## WHAT IS EXPECTED:
Would you transcribe the listing that follows word for word, skipping pictures?

## RECORDED DATA:

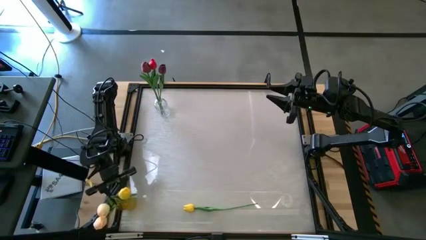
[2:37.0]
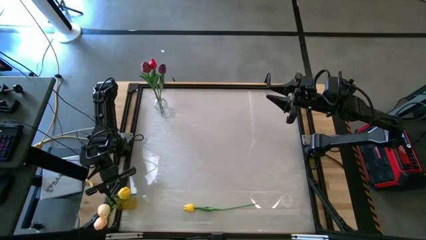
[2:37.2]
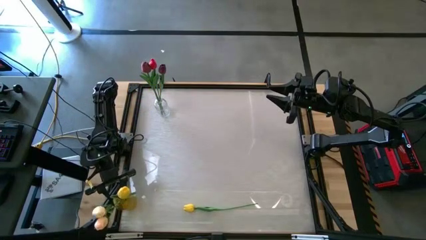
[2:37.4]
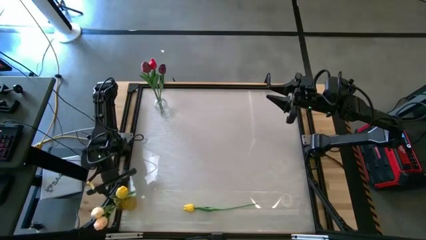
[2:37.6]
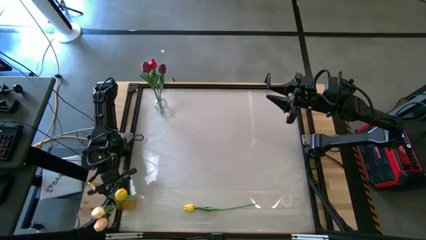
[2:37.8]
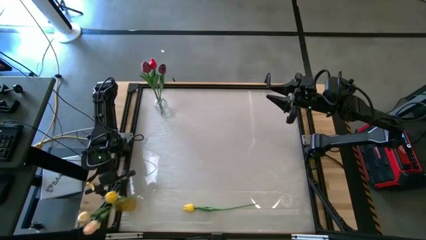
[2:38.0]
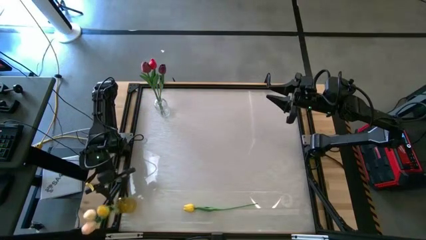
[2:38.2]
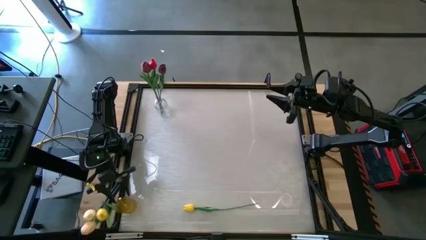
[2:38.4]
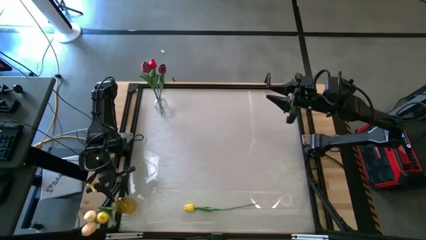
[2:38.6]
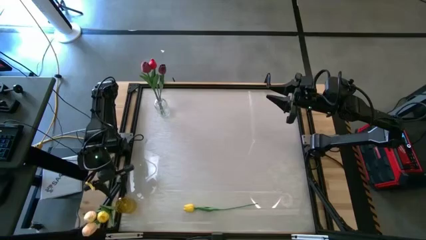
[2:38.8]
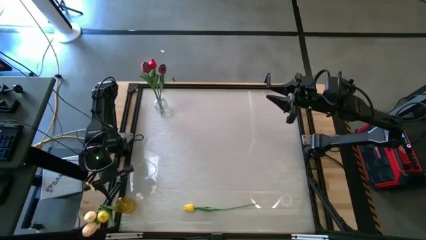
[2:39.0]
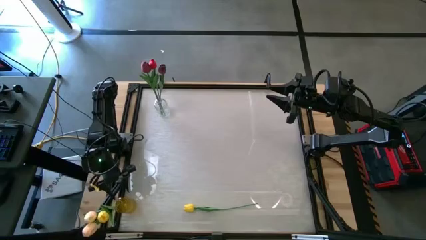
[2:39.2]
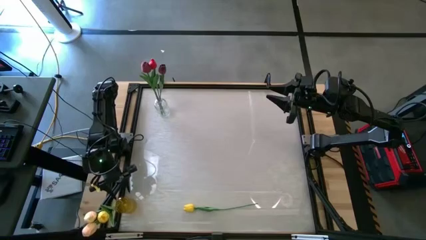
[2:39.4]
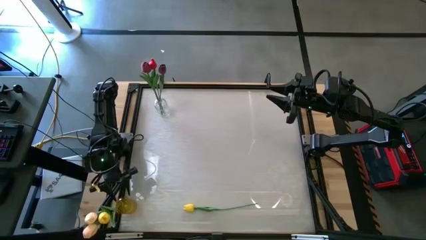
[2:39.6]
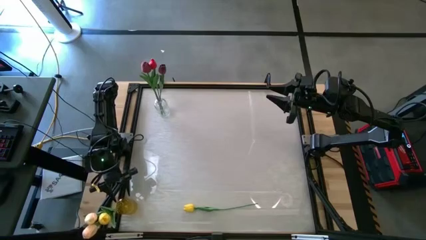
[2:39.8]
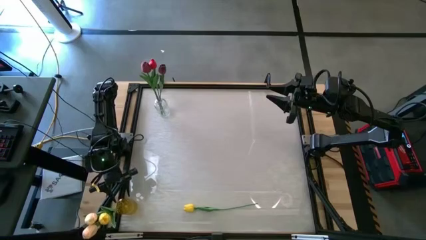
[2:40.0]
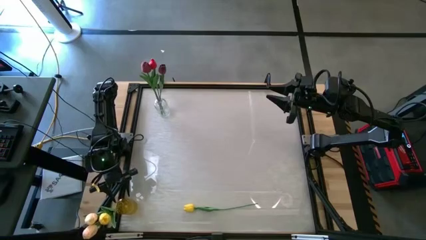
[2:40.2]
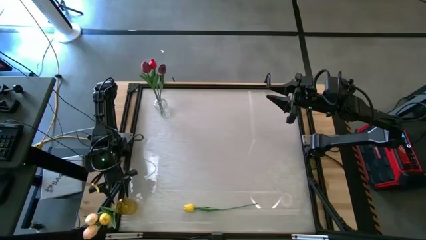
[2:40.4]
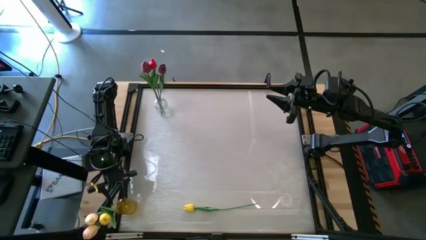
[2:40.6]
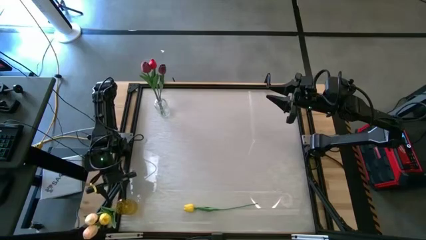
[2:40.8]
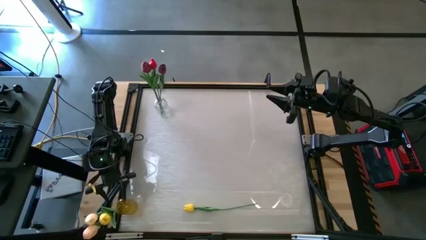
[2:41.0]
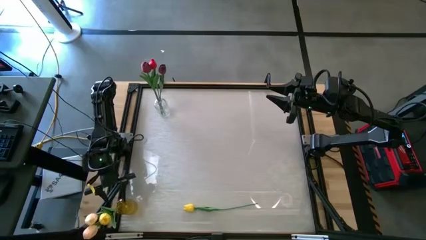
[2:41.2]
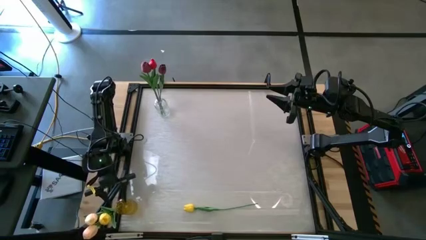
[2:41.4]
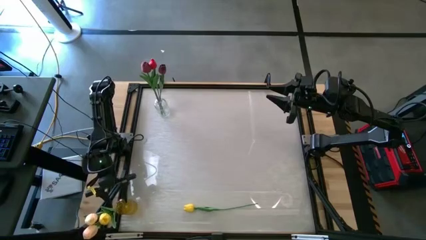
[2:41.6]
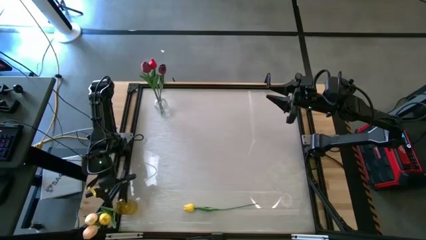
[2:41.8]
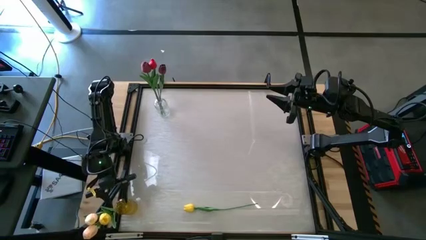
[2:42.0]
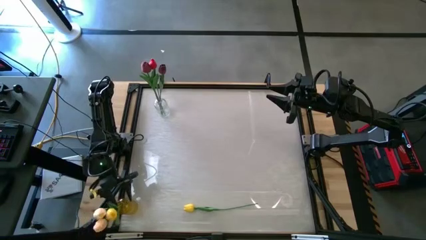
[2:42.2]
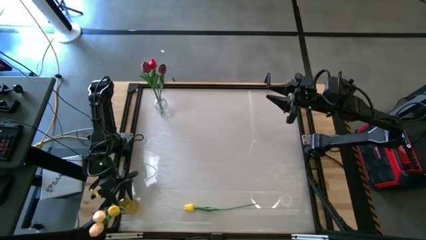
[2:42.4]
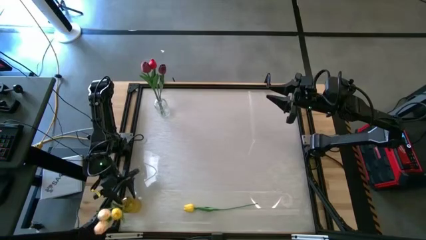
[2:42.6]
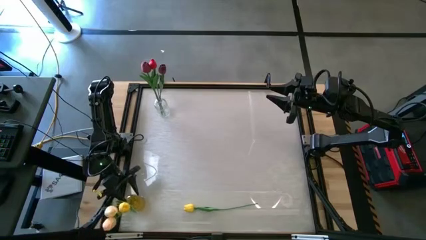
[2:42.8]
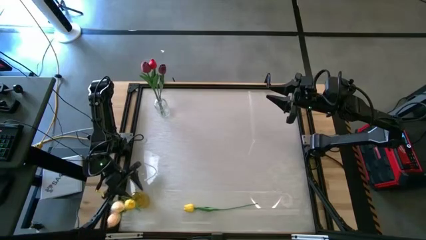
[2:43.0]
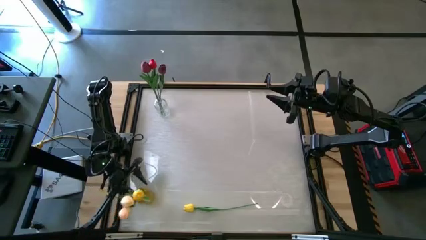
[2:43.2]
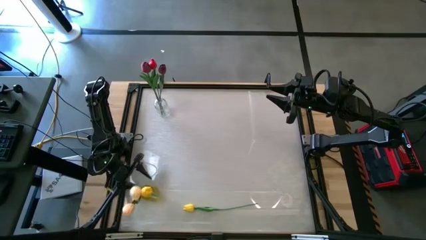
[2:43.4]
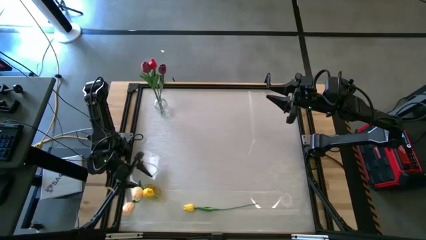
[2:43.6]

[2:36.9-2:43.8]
Task: Sort flowers into vase by color
Adjust the yellow vase

## WRITTEN RESPONSE:
[2:37.0]
[2:37.2]
[2:37.4]
[2:37.6]
[2:37.8]
[2:38.0]
[2:38.2]
[2:38.4]
[2:38.6]
[2:38.8]
[2:39.0]
[2:39.2]
[2:39.4]
[2:39.6]
[2:39.8]
[2:40.0]
[2:40.2]
[2:40.4]
[2:40.6]
[2:40.8]
[2:41.0]
[2:41.2]
[2:41.4]
[2:41.6]
[2:41.8]
[2:42.0]
[2:42.2]
[2:42.4]
[2:42.6]
[2:42.8]
[2:43.0]
[2:43.2]
[2:43.4]
[2:43.6]

[2:36.9-2:43.8]
Task: Sort flowers into vase by color
Adjust the yellow vase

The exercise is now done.